Это заботливое участие удивило меня.
Я небрежно ответил:
— А вам что с того?
Он смотрел на меня. Схватил кассетный транзистор и стал нервно перебирать кнопки.
— Не знаю… Она же красивая, ваша Беатриса?
— Когда видишь ее в первый раз, так и есть.
— Конечно, она не кинозвезда с обложки журнала…
— Это вы сказали!
— Но ведь между вами царит полное согласие?
— У нас есть общие привычки, вот главное в нашем союзе.
— Уверен, что вы преувеличиваете: иначе, к чему вам это путешествие?
— Из потребности преодолеть рутину, чтобы затем еще больше укрепить ее, да и вообще это было опрометчивое решение.
— Четырежды, — сказал паралитик.
— Что значит четырежды?
— Вы четырежды отреклись от Беатрисы.
Подобный евангелический словарь привел меня в крайнее раздражение.

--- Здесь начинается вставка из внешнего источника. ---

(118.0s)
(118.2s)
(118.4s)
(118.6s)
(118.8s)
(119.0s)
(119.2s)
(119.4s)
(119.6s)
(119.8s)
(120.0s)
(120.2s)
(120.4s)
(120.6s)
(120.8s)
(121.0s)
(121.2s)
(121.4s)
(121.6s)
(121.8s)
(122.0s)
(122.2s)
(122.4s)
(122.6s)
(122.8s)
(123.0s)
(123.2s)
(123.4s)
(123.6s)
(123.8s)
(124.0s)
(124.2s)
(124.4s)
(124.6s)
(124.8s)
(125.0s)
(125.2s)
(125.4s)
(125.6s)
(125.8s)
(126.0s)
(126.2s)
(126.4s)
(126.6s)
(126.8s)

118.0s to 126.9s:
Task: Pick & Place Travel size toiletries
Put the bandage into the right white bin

— Ни от кого я не отрекался. Что-ни-будь еще хотите сказать?
Франц отложил свой транзистор.
— Забудьте мои слова. До свиданья, Дидье, увидимся на празднике.

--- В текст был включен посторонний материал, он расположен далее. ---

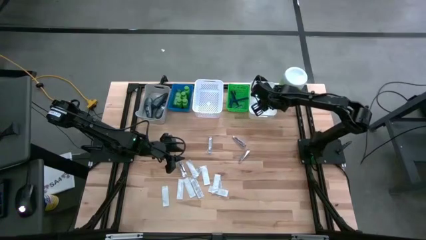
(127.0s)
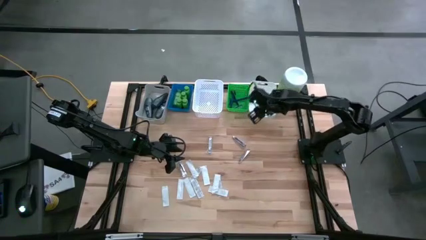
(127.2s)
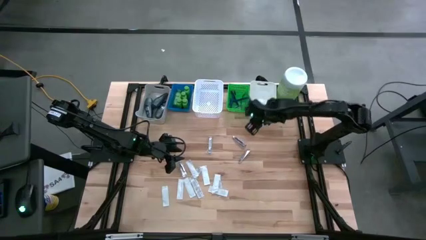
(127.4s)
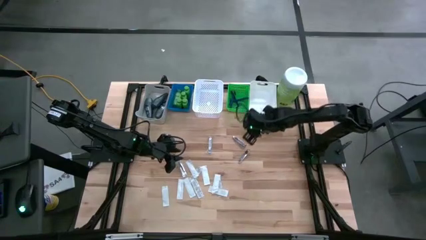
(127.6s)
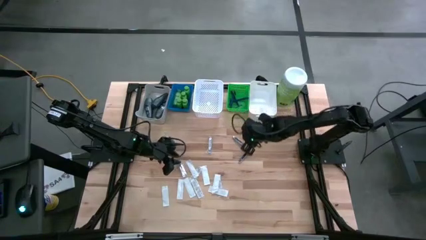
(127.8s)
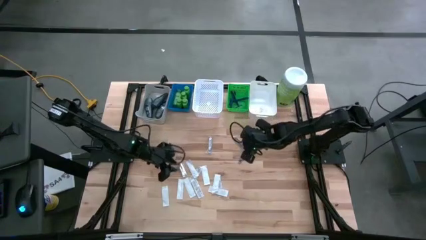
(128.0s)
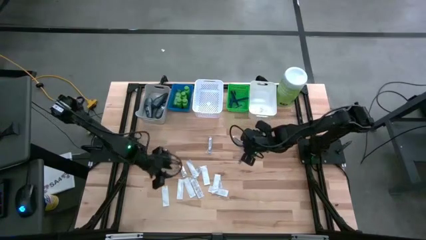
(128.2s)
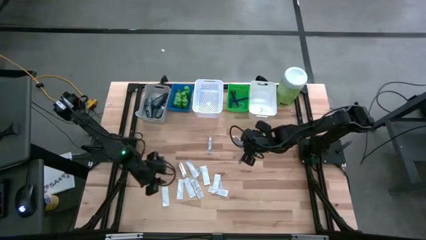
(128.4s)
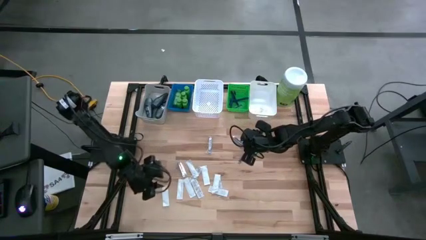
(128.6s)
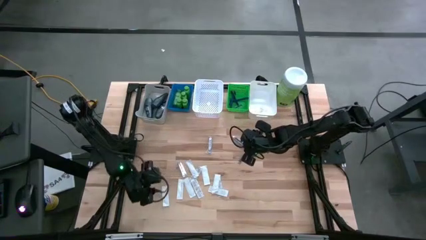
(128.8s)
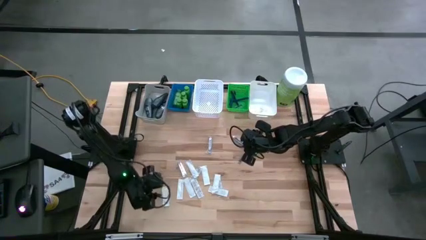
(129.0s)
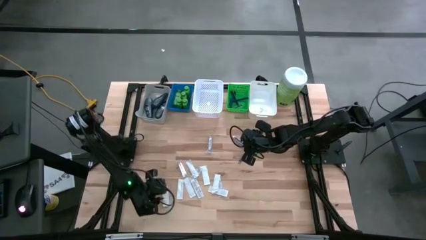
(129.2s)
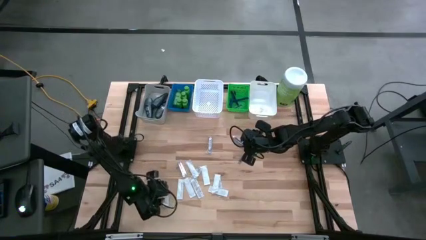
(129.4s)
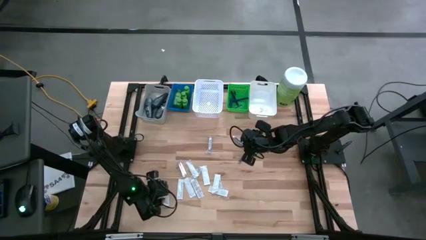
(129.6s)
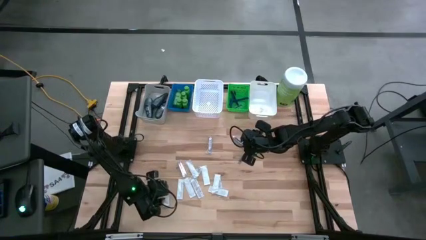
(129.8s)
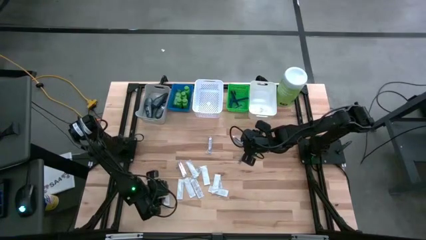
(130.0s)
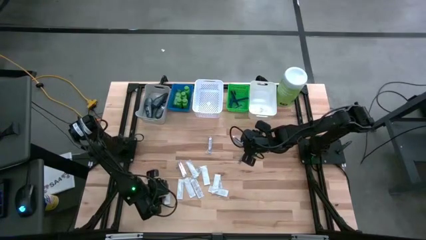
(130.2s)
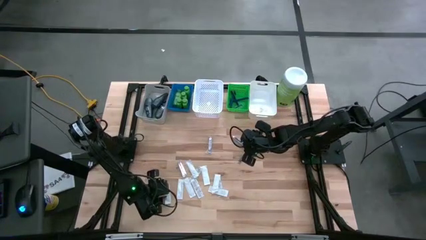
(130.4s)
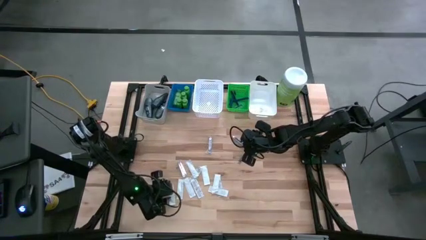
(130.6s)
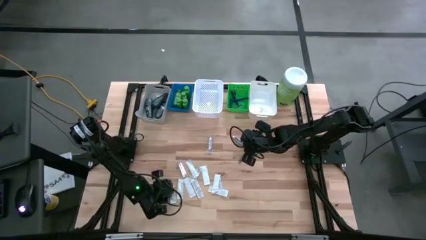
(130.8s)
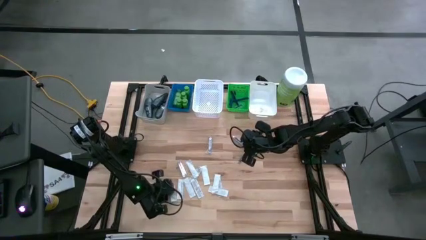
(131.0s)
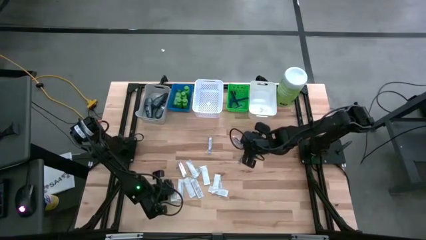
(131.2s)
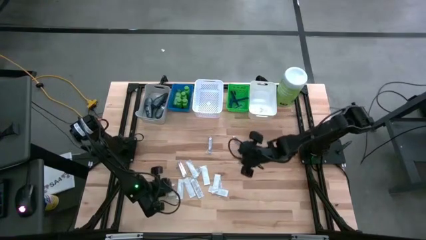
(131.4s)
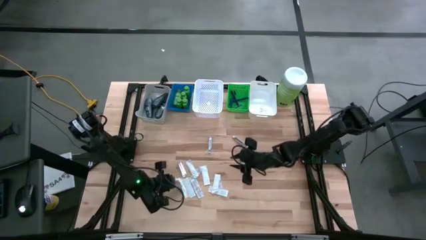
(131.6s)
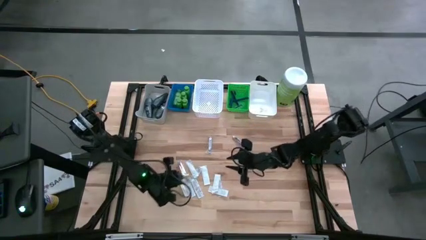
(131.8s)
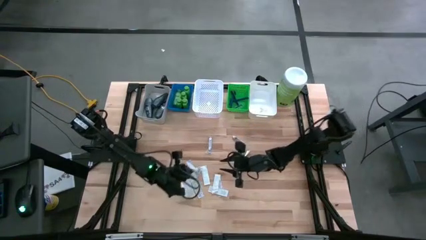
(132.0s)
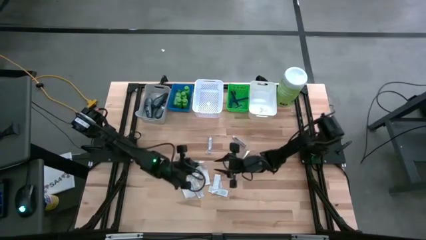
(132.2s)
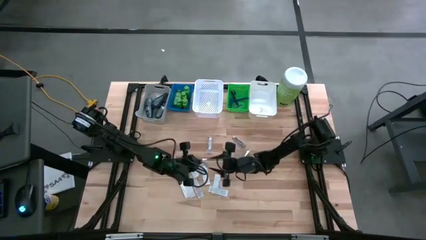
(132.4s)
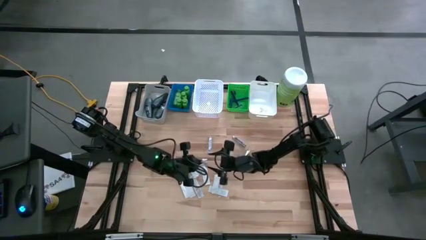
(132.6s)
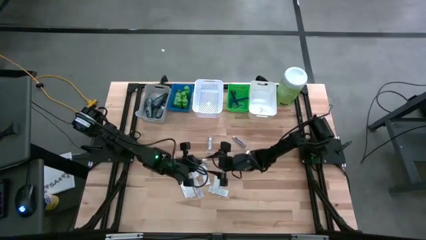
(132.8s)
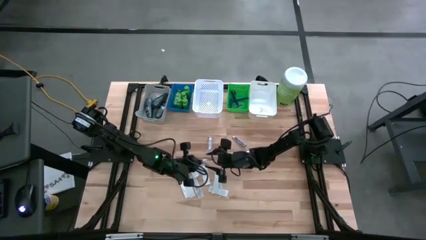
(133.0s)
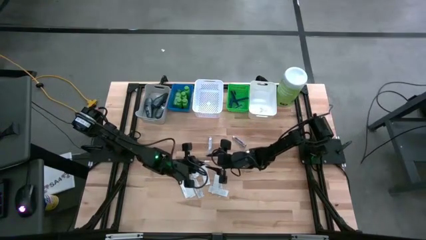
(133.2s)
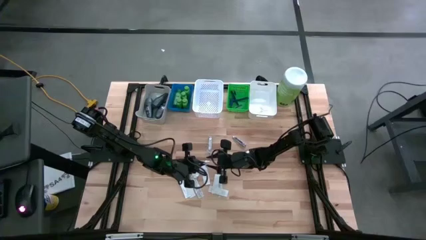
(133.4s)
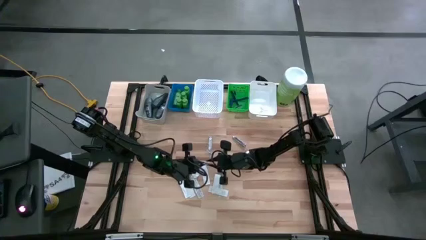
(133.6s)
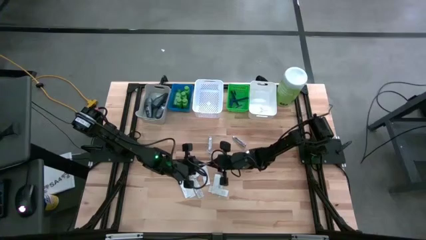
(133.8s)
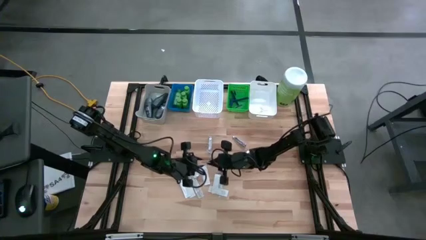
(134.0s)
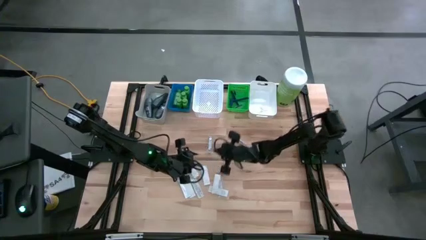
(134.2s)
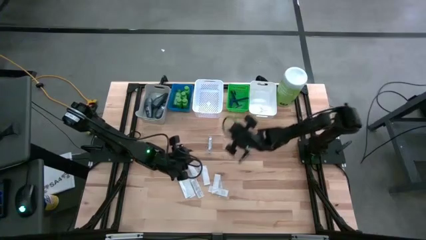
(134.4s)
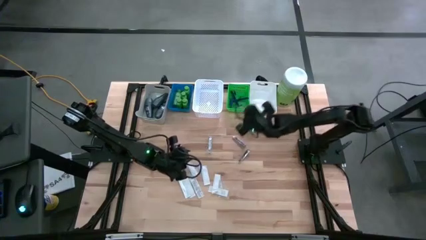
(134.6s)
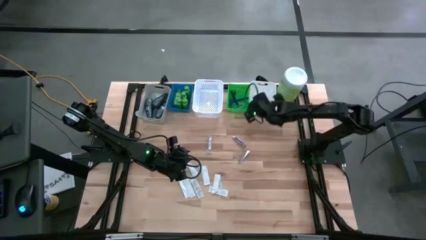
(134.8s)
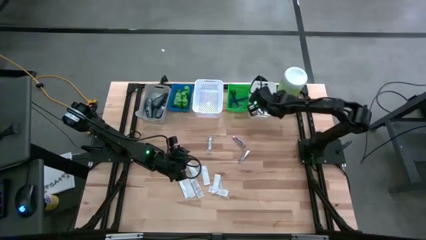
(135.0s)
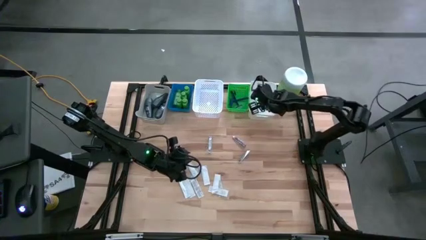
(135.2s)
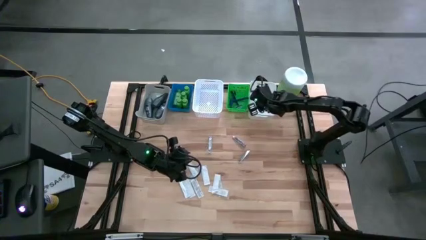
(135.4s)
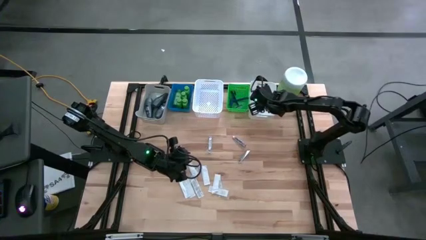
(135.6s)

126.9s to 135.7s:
Put the bandage into the right white bin

Мы покинули Афины, но я даже не заметил этого. Я вышел подышать на носовую часть корабля и вновь услышал ропот измученных волн, которые покрылись барашками, словно боги вытряхнули в море перья из своих матрасов. Близился шторм, и усиливающийся ветер топорщил водную гладь, хватая ее за бока. Стена холодного воздуха двинулась по верхней палубе, и внезапно поднялся шквал, выбрасывающий свои крюки направо и налево. Задохнувшись от этих порывов, я быстро вбежал в защищенные помещения. Но я совсем не торопился в свою каюту, где должна была ждать меня Беатриса со слезящимися глазами, с распухшим от постоянного сморканья носом. Как бы вынести ее за скобки ровно на то время, чтобы мне утолить страсть к этой незнакомке? Надо быть твердым, да, не уступать, быть твердым и куртуазным. Сказать ей: Ребекка меня интересует, но тебя это не касается. В конце концов, мы уже не в девятнадцатом веке, черт подери, будем же современной парой, подчинимся свободно своим желаниям. И если тебе самой понравится какой-нибудь мужчина, не стесняйся, я сумею проявить снисходительность: Радж Тивари, к примеру, не лишен чувства юмора; у Марчелло за плечами интересный опыт. Или ты предпочитаешь кого-то из экипажа судна? Ну же, смелее!
Неуверенно, чувствуя себя не в своей тарелке, я открыл дверь нашей клетушки. Беатриса с позеленевшим лицом лежала на кушетке. Едкий запах рвоты неоспоримо свидетельствовал в пользу нового элемента — морской болезни. Было впечатление, что подруга моя услышала призыв и свалилась, чтобы развязать мне руки.
— По крайней мере, я тебе не помешаю, — еле слышно простонала она.